With hundreds and thousands of games released since the dawn of the industry, there’s clearly no time to play them all. But there are some that you should play at least once. These are the Essentials.
We know SquareEnix for Final Fantasy, but the famed maker of JRPGs has had many other successes under their umbrella. My personal favourite: the second entry in the Seiken Densetsu series. Read on for my Secret of Mana SNES review…
Originally intended as a release for the Super Nintendo’s promised CD addon, it was repurposed as a cartridge game, cutting out several features including multiple endings. Translated in a mere 30 days following its original Japanese release, it finally reached Western shores.
What makes this game so special for me personally, are the progressive mechanics that differentiated it from the turn-based battles that the JRPG genre was known for. Combat is very action focused, with the player given direct control of the protagonist, and eventually two other party members.
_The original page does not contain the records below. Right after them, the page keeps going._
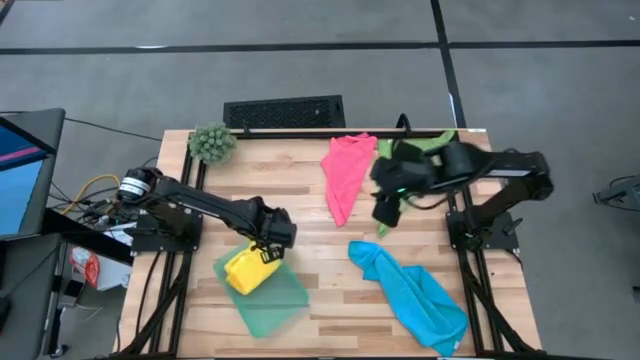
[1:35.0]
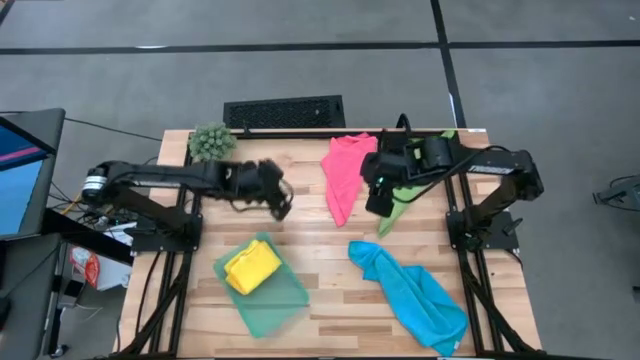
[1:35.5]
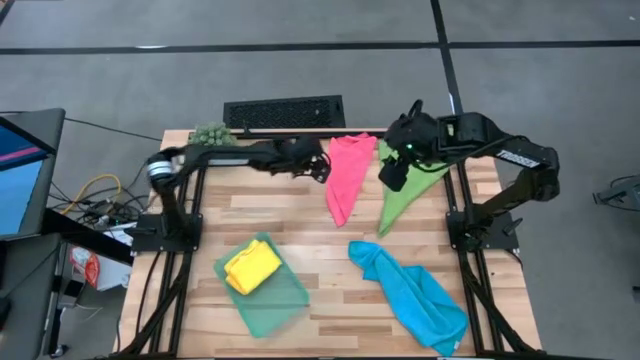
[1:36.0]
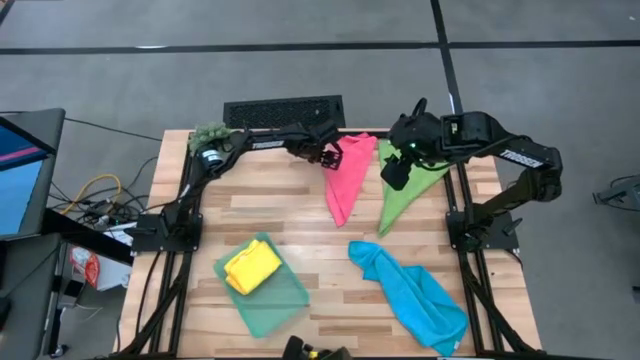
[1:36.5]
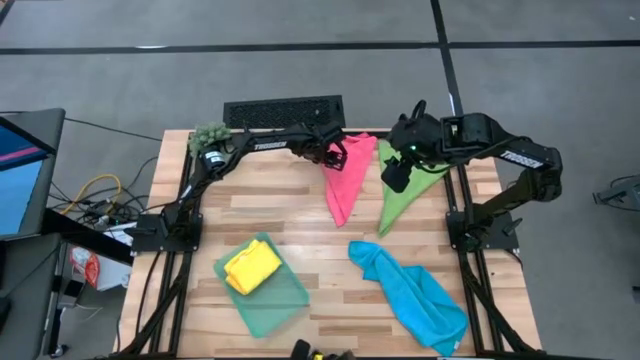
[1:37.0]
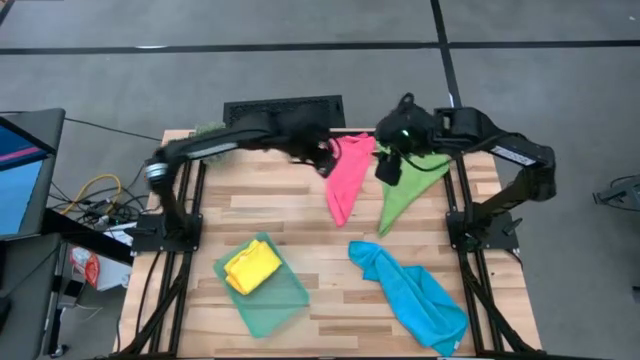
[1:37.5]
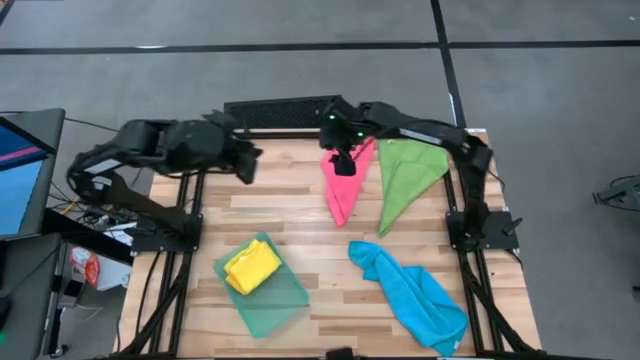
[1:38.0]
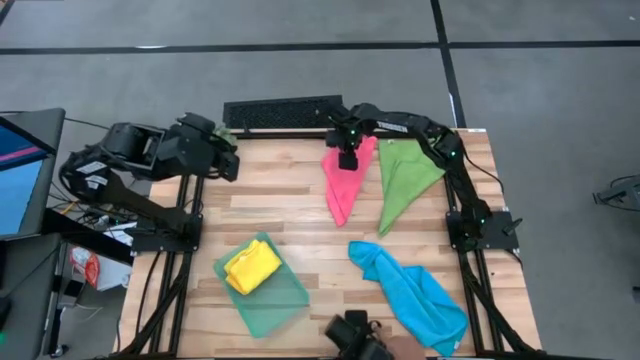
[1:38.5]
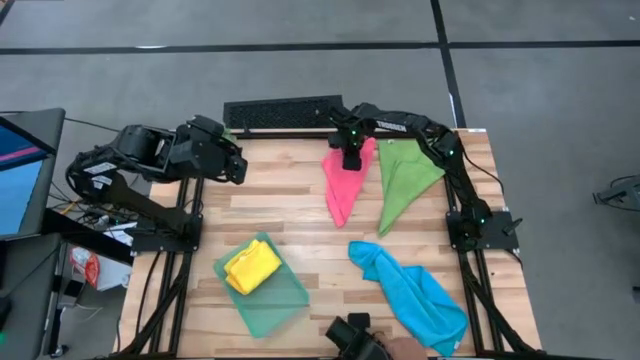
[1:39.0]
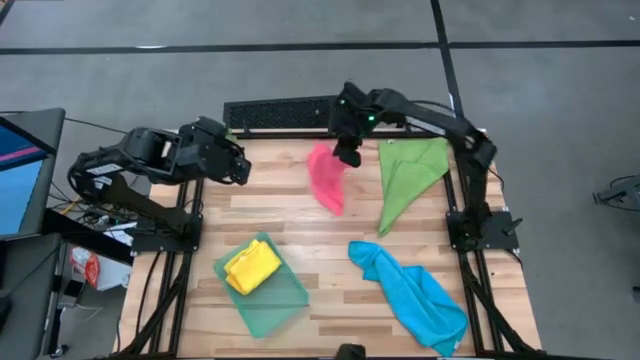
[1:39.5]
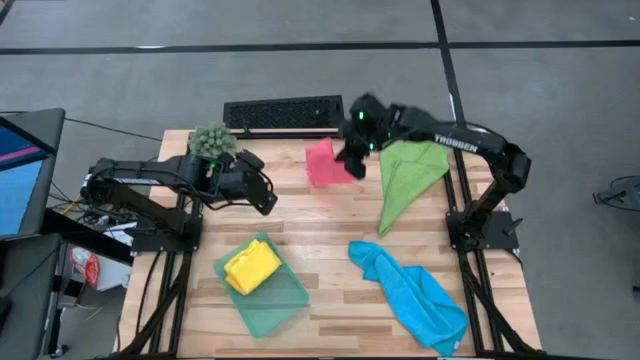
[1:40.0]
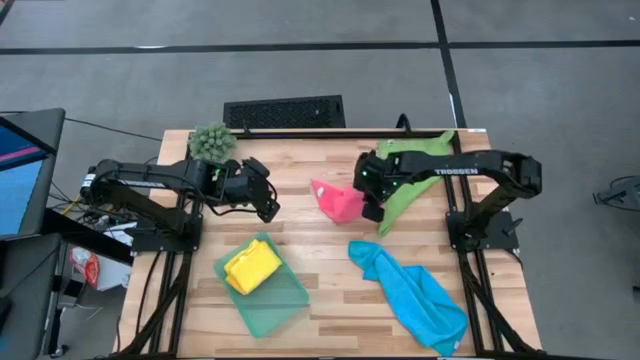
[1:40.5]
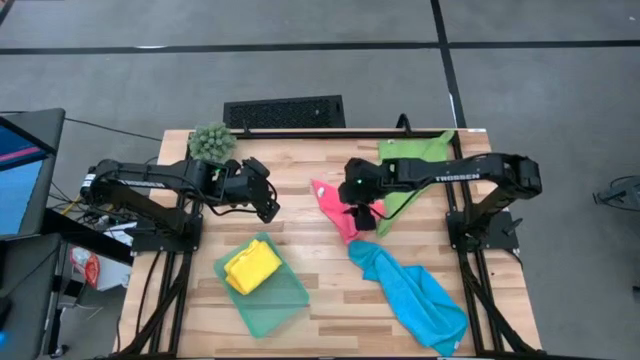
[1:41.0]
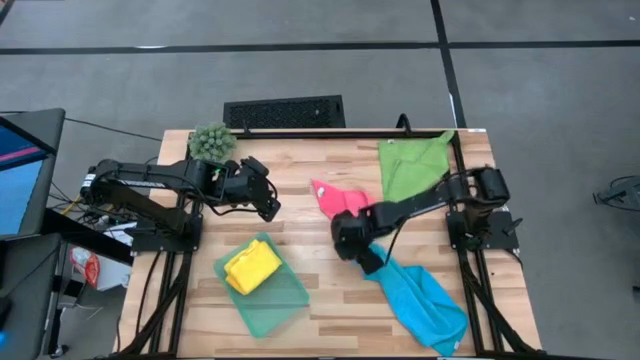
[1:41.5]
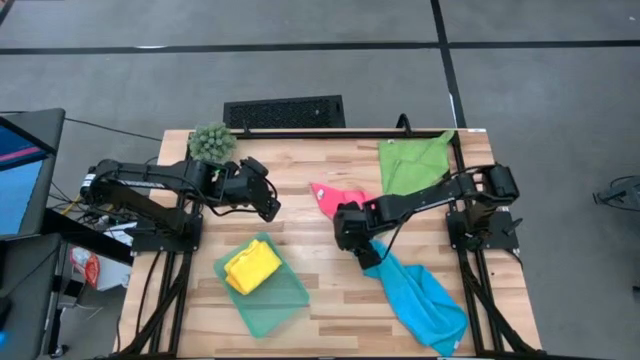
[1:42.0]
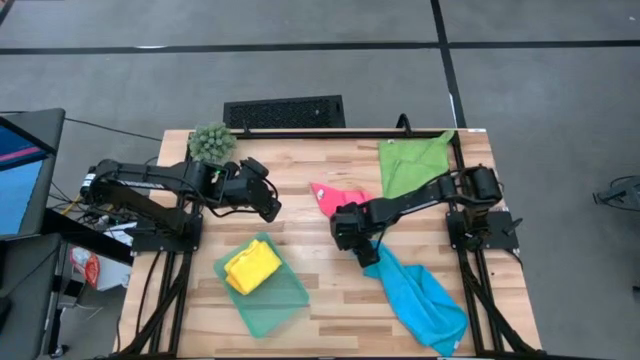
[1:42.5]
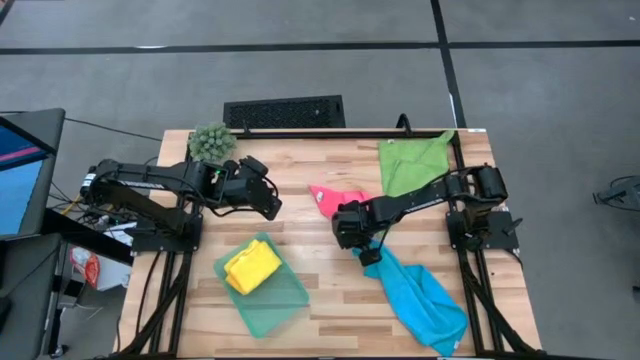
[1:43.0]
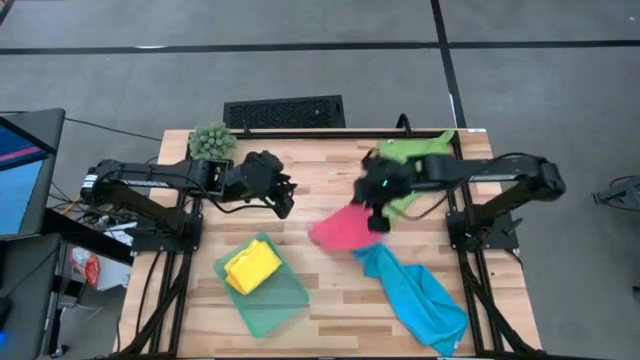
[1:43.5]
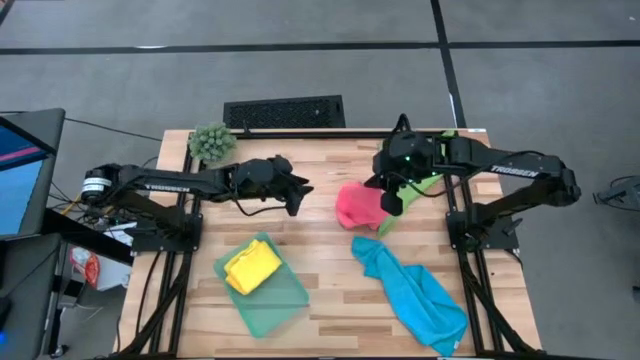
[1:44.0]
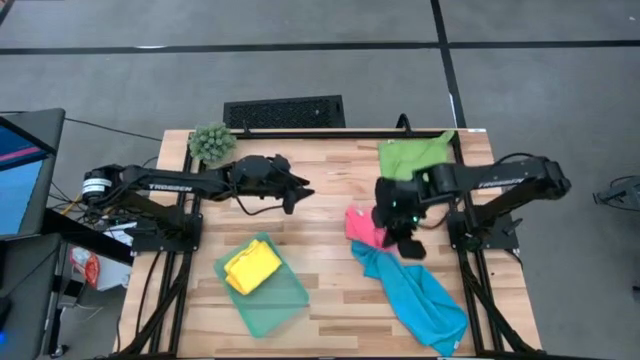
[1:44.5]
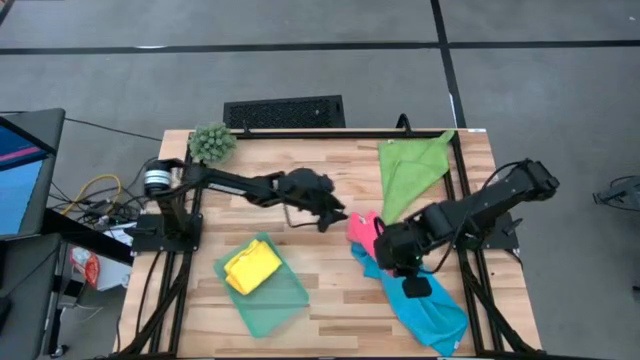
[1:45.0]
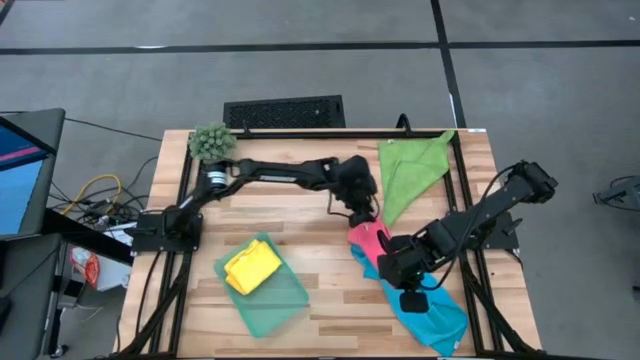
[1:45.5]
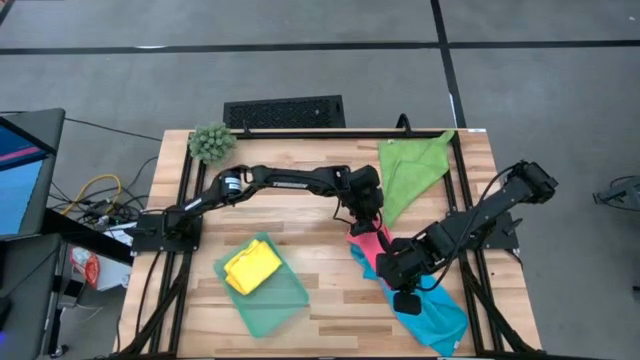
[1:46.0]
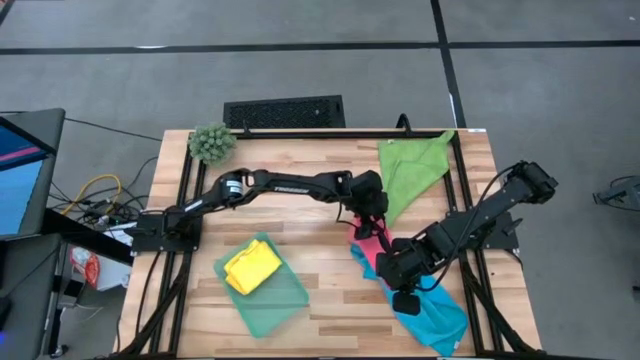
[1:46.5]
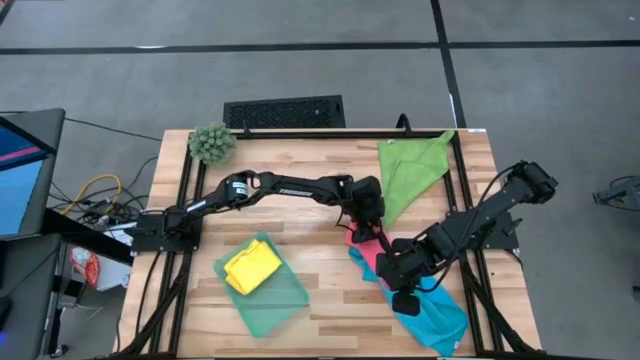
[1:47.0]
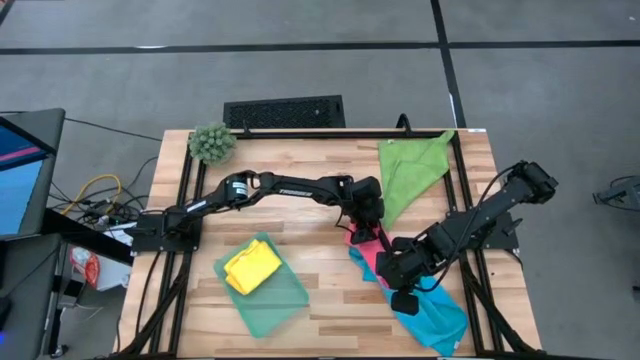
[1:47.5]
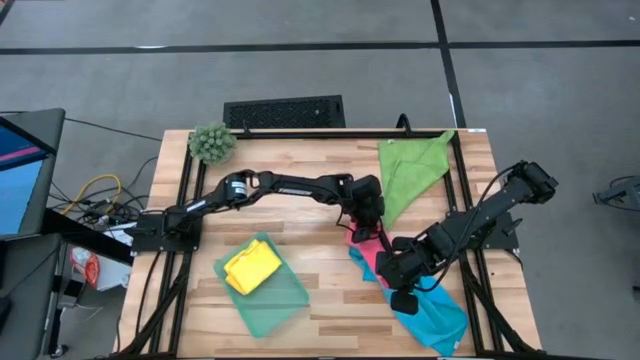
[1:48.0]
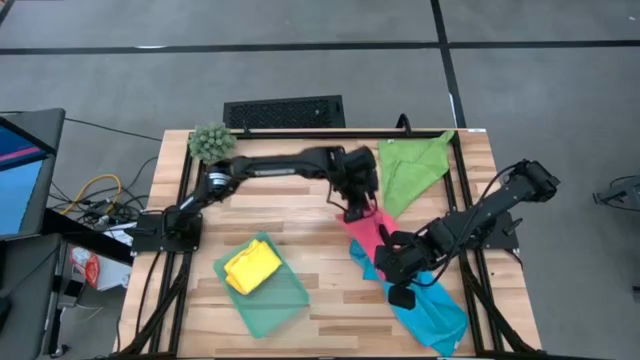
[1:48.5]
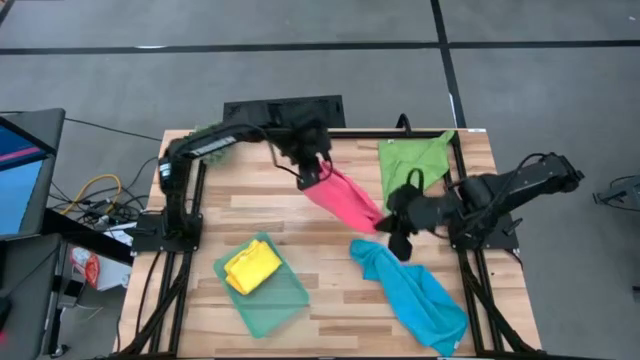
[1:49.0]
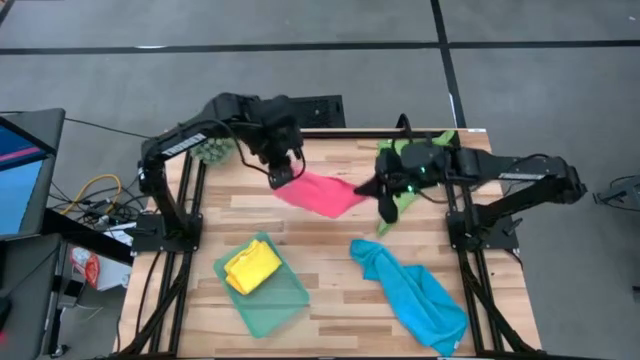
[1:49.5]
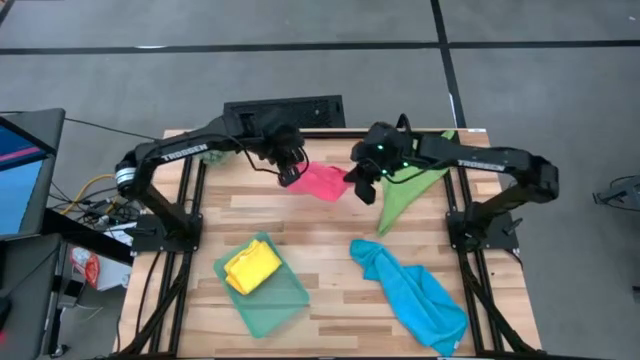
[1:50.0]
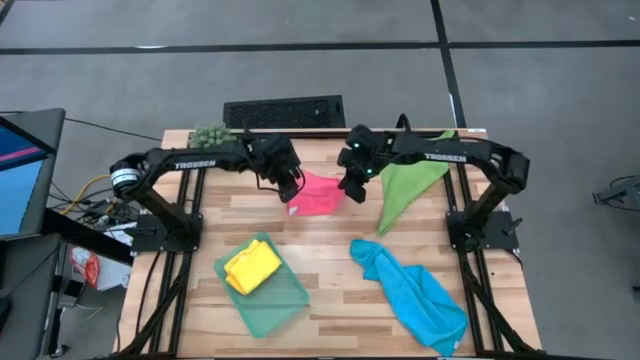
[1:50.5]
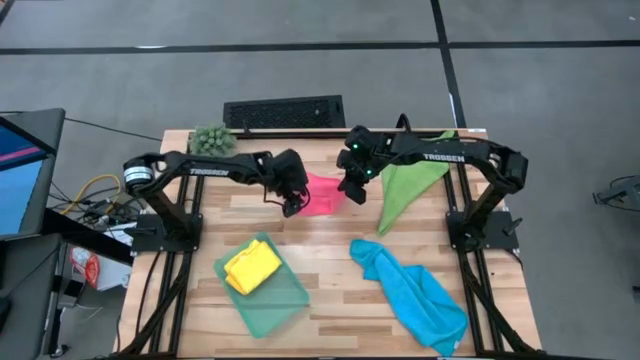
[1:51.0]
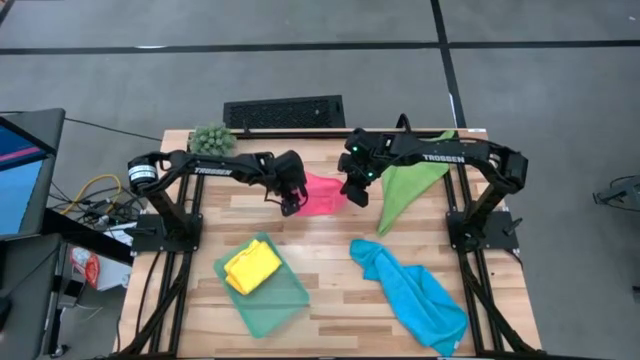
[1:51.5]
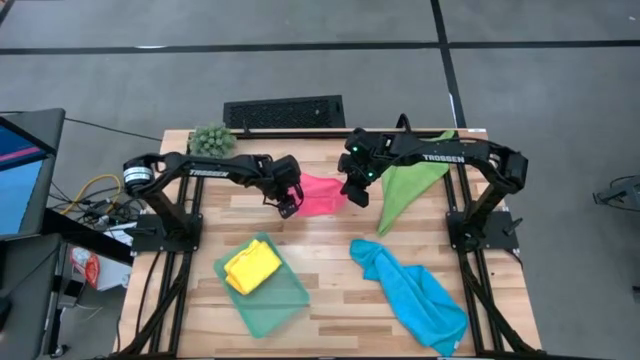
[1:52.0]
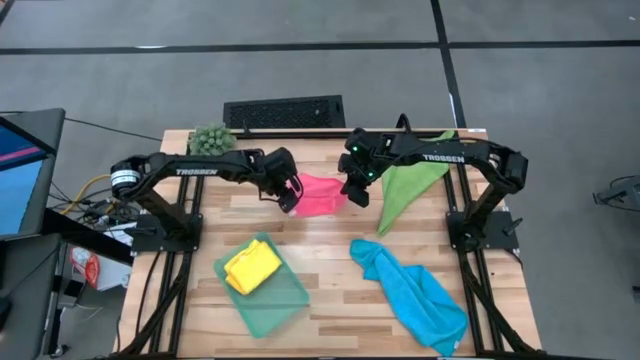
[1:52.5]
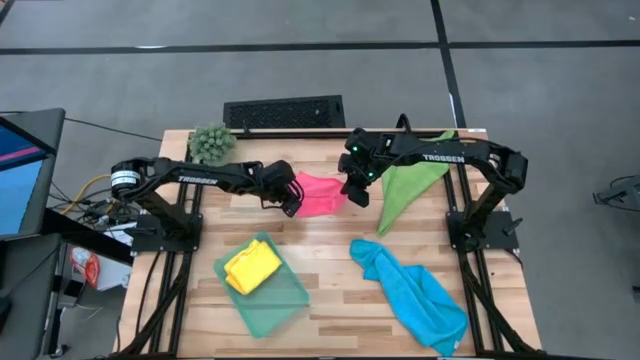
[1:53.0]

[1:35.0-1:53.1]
Task: Fold microfiber towels
Fold the pink towel

Once these party members were met through the early hours of the story, a multitap peripheral could be used to plug a third controller into the Super Nintendo console, so up to three players could control a party member each, making for a very unique co-operative experience that is mostly unheard of in the genre.
But this wasn’t just a game of hack and slashing. A gauge counts to 100% after every attack made by the player, and should the player try to attack again while that gauge is still counting, the results are a much weaker attack that barely grazes enemies. You had to know when to strike and fall back. Magic also plays a part, with various spells available after several elemental mana spirits are met. Each character could equip 8 different types of weapon, from close range swords and axes to long-range weapons such as whips, bows and throwing weapons. These weapons could be upgraded by finding hidden mana orbs and giving them to a dwarf who will forge your arsenal, increasing their potential power and also enabling devastating attacks that require charging before they are unleashed. Weapons and Magic could also be levelled up by just using them on enemies, which would increase their effectiveness.
This is clearly a JRPG with a difference, and it astounds me that it’s true sequel, Seiken Densetsu 3 never made it over to Western Shores. It offers an absolutely sprawling quest, taking you across a whole host of exotic locales, in order to locate the mana seeds to power up your sword and of course, save the world. You’ll also meet many odd characters, including Neko the shopkeeping cat, a whole village of dwarfs and even a meeting with Santa Claus himself, who turns into a boss after being corrupted by the power of a seed.
It also contains one of the best SNES soundtracks you’ll ever hear, featuring musical instruments you’ll never heard in games before or since. It’s a beautiful mix of styles and moods that complement the game perfectly, and it’s so good you can even purchase it from the iTunes Music Store.
Secret of Mana SNES Review Conclusion
In short, this is the perfect JRPG to play if you’re fed up of the Final Fantasies and Dragon Quests of this world. Grab some friends, a multitap and some extra controllers, and you’ll have an absolute blast, I promise.